Now impose a prior: blme uses

for a grouping factor of dimension \( K \), df = \( K + 3 \). When the mode of the distribution exists, the scale is chosen to set the mode equal 10^{-2} times the identity matrix. When the mode does not exist, the mean is set to that value.
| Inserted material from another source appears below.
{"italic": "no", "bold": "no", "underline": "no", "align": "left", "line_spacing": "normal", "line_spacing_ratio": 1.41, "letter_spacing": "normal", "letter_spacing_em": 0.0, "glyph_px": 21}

make_vc <- function(theta, n0) {
    m <- matrix(0, nrow = n0, ncol = n0)
    m[lower.tri(m, diag = TRUE)] <- theta
    m %*% t(m)
}
library("LaplacesDemon")
devfun2 <- function(theta) {
    pstr <- 0.01
    d <- devfun(theta)
    n <- length(theta)
    n0 <- (-1 + sqrt(1 + 8 * n))/2  ## dimension
    nu <- n0 + 3
    logprior <- try(dwishart(make_vc(theta, n0), nu = nu, S = diag(n0) * pstr/nu, 
        log = TRUE), silent = TRUE)
    if (inherits(logprior, "try-error")) {
        print(theta)
        stop("non-pos-def VC matrix")
    }
    d2 <- d - 2 * logprior
    cat(theta, logprior, d, d2, "\n")
    d2
}
deep_copy <- function(e1) {
    e2 <- new.env()
    for (n in ls(e1, all.names = TRUE)) assign(n, get(n, e1), e2)
    e2
}
## deep copy: is this the right/best way to go about it??  note that we
## are copying the devfun environment *after* the model is fitted
environment(devfun2) <- deep_copy(environment(devfun))
opt2 <- optimizeLmer(devfun2, verbose = TRUE)
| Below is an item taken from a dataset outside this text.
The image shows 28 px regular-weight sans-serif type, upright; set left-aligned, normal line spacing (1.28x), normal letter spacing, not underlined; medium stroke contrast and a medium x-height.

## 0.9667 0.01517 0.2309 -223.3 1744 2190 
## 0.9867 0.01517 0.2309 -233 1744 2210 
## 0.9667 0.03517 0.2309 -223.5 1744 2191 
## 0.9667 0.01517 0.2509 -225.5 1744 2195 
## 0.9467 0.0285 0.2442 -215.4 1744 2175 
## 0.9267 0.03517 0.2509 -206.9 1744 2158 
## 0.9401 0.04184 0.2242 -210.3 1744 2164 
## 0.9223 0.02628 0.2398 -203.5 1744 2151 
## 0.9001 0.02184 0.2442 -193.8 1744 2131 
## 0.8779 0.05072 0.2487 -185.1 1744 2114 
## 0.8334 0.0685 0.2576 -167.7 1745 2080 
## 0.8334 0.04184 0.2776 -169.5 1745 2084 
## 0.7845 0.05295 0.2687 -149 1745 2043 
## 0.7134 0.06184 0.2776 -123.9 1746 1994 
## 0.6867 0.09295 0.2976 -118.6 1748 1985 
## 0.5801 0.1285 0.3242 -91.12 1752 1934 
## 0.5845 0.1307 0.2954 -88.26 1751 1927 
## 0.4601 0.1752 0.3042 -60.91 1756 1877 
## 0.3356 0.1752 0.3465 -43.4 1761 1848 
## 0.08674 0.2285 0.3909 -33.15 1773 1839 
## (NM) 20: f = 1848.07 at 0.335629 0.175169 0.346466
## 0.03785 0.2929 0.402 -43.84 1776 1863 
## [1] 0.0000 0.3359 0.4072

## Error: non-pos-def VC matrix

Snag 1: we need to be able to compute the Wishart even when the variance-covariance matrix is only positive semidefinite … although I'm not sure there's not another bug in here somewhere, as I'm surprised that the optimization even hits the boundary in this case …

To do:

create a “penalized deviance function constructor” that allows modification of prior strength etc..
try with a very weak prior and see if we get back (close to) the lmer answer (i.e. do we only hit positive semi-definite cases for stronger priors? or am I still just chasing a boneheaded bug? Did I get the model specification right?)